This is not a forum. You are not entitled to speak on behalf of the Russian people. Unlike you, "Yuriy Kolodin, from Ukraine, from Kiev", I am Russian at least, and I am in favor of independent Kosovo. Colchicum (talk) 23:48, 2 November 2008 (UTC)
This is not a forum, but I am actually discussing the article. We have the different theories of statehood, and this theories are the guidelines for the different editors to contribute to the article. We have to come to consensus about which theory has to be used in this very article. I think that declarative theory of statehood is unacceptable. This is my POV about the article. Also I have to note that Ukraine has not recognised Kosovo, and will not recognise Kosovo in future. There are some parties in Ukraine calling for recognition of Abkhazia and South Ossetia, but there is no political party in Ukraine calling for recognition of Kosovo. As a matter of fact, all Ukrainian parties oppose to the declaration of independence of Kosovo.--Yuriy Kolodin (talk) 00:11, 3 November 2008 (UTC)

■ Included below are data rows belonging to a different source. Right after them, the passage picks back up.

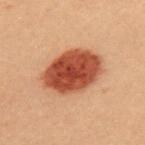Assessment: The lesion was photographed on a routine skin check and not biopsied; there is no pathology result.
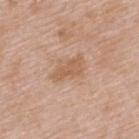follow-up=imaged on a skin check; not biopsied | subject=male, in their mid-60s | lighting=white-light | lesion diameter=~4 mm (longest diameter) | image-analysis metrics=a normalized lesion–skin contrast near 6.5; a border-irregularity rating of about 4.5/10, a within-lesion color-variation index near 1.5/10, and a peripheral color-asymmetry measure near 0.5 | body site=the upper back | imaging modality=~15 mm crop, total-body skin-cancer survey.
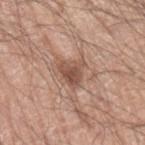{"biopsy_status": "not biopsied; imaged during a skin examination", "patient": {"sex": "male", "age_approx": 70}, "site": "left upper arm", "image": {"source": "total-body photography crop", "field_of_view_mm": 15}, "lighting": "white-light"}
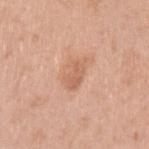Q: What did automated image analysis measure?
A: an area of roughly 6 mm², a shape eccentricity near 0.8, and two-axis asymmetry of about 0.35; a mean CIELAB color near L≈62 a*≈23 b*≈33, about 8 CIELAB-L* units darker than the surrounding skin, and a normalized lesion–skin contrast near 5.5; border irregularity of about 4.5 on a 0–10 scale, a within-lesion color-variation index near 1.5/10, and peripheral color asymmetry of about 0.5
Q: Lesion location?
A: the left upper arm
Q: Patient demographics?
A: female, roughly 40 years of age
Q: What is the lesion's diameter?
A: ~3.5 mm (longest diameter)
Q: What is the imaging modality?
A: 15 mm crop, total-body photography
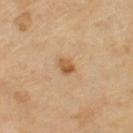Notes:
• subject · female, roughly 70 years of age
• diameter · about 2 mm
• site · the left thigh
• image · ~15 mm crop, total-body skin-cancer survey
• image-analysis metrics · a lesion area of about 3 mm², an outline eccentricity of about 0.55 (0 = round, 1 = elongated), and two-axis asymmetry of about 0.25; an average lesion color of about L≈57 a*≈20 b*≈39 (CIELAB) and a normalized border contrast of about 8; a nevus-likeness score of about 85/100 and lesion-presence confidence of about 100/100
• illumination · cross-polarized illumination
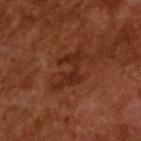* image source: ~15 mm crop, total-body skin-cancer survey
* lesion size: ~5 mm (longest diameter)
* subject: male, aged around 65
* lighting: cross-polarized illumination
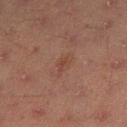No biopsy was performed on this lesion — it was imaged during a full skin examination and was not determined to be concerning.
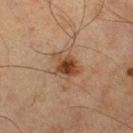Recorded during total-body skin imaging; not selected for excision or biopsy. The subject is a male about 65 years old. Automated tile analysis of the lesion measured a lesion color around L≈36 a*≈17 b*≈28 in CIELAB, a lesion–skin lightness drop of about 10, and a normalized lesion–skin contrast near 9. And it measured a within-lesion color-variation index near 4/10 and a peripheral color-asymmetry measure near 1. And it measured a classifier nevus-likeness of about 95/100. Captured under cross-polarized illumination. The lesion's longest dimension is about 4 mm. Cropped from a whole-body photographic skin survey; the tile spans about 15 mm. From the right lower leg.
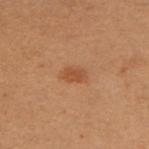No biopsy was performed on this lesion — it was imaged during a full skin examination and was not determined to be concerning.
Approximately 3 mm at its widest.
A region of skin cropped from a whole-body photographic capture, roughly 15 mm wide.
The lesion-visualizer software estimated a footprint of about 4.5 mm², an outline eccentricity of about 0.75 (0 = round, 1 = elongated), and a shape-asymmetry score of about 0.25 (0 = symmetric). The analysis additionally found an average lesion color of about L≈43 a*≈20 b*≈32 (CIELAB) and roughly 7 lightness units darker than nearby skin. It also reported border irregularity of about 2.5 on a 0–10 scale, a within-lesion color-variation index near 2/10, and peripheral color asymmetry of about 0.5.
The patient is a female aged approximately 50.
The lesion is on the left upper arm.
The tile uses cross-polarized illumination.
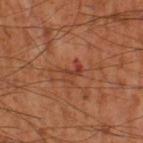Impression: Captured during whole-body skin photography for melanoma surveillance; the lesion was not biopsied. Acquisition and patient details: About 2.5 mm across. A region of skin cropped from a whole-body photographic capture, roughly 15 mm wide. A male patient aged 53–57. Located on the left thigh. Imaged with cross-polarized lighting.
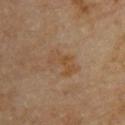The subject is a male about 85 years old or older.
A 15 mm close-up tile from a total-body photography series done for melanoma screening.
Located on the upper back.
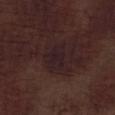Impression:
The lesion was photographed on a routine skin check and not biopsied; there is no pathology result.
Context:
Automated tile analysis of the lesion measured a lesion color around L≈19 a*≈14 b*≈11 in CIELAB and a normalized border contrast of about 7.5. A 15 mm close-up extracted from a 3D total-body photography capture. The lesion's longest dimension is about 3 mm. A male subject aged 68–72. The lesion is located on the left lower leg.
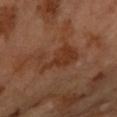Imaged during a routine full-body skin examination; the lesion was not biopsied and no histopathology is available. On the arm. Imaged with cross-polarized lighting. The recorded lesion diameter is about 5.5 mm. A female patient aged 58 to 62. Automated image analysis of the tile measured a lesion area of about 12 mm², an eccentricity of roughly 0.85, and a symmetry-axis asymmetry near 0.45. It also reported a lesion color around L≈36 a*≈22 b*≈32 in CIELAB and a lesion-to-skin contrast of about 7 (normalized; higher = more distinct). It also reported a border-irregularity rating of about 7/10 and a within-lesion color-variation index near 2.5/10. The analysis additionally found an automated nevus-likeness rating near 0 out of 100 and a lesion-detection confidence of about 100/100. Cropped from a total-body skin-imaging series; the visible field is about 15 mm.

  • Statehood: The generic definition of "statehood" applies to both de jure recognized and de facto states, legal and illegal, moral and immoral alike. In this context, a state exists because it is both declared and operative, that is, it is a state in both character and function, and satisfies the aforementioned conditions of population, territory, government, and diplomatic relations (even if they are with only one other fully recognized country), as defined in the Montevideo Convention. By simple definition, Kosovo is a Partially Recognized and de facto State. This, in and of itself, does not make Kosovo a legitimate state, or an illegitimate one; it only means that it is partially recognized as legitimate or illegitimate, by different countries, but it is still a functioning state; the issues of "legitimacy" and "legality" are independent of the generic definition of statehood.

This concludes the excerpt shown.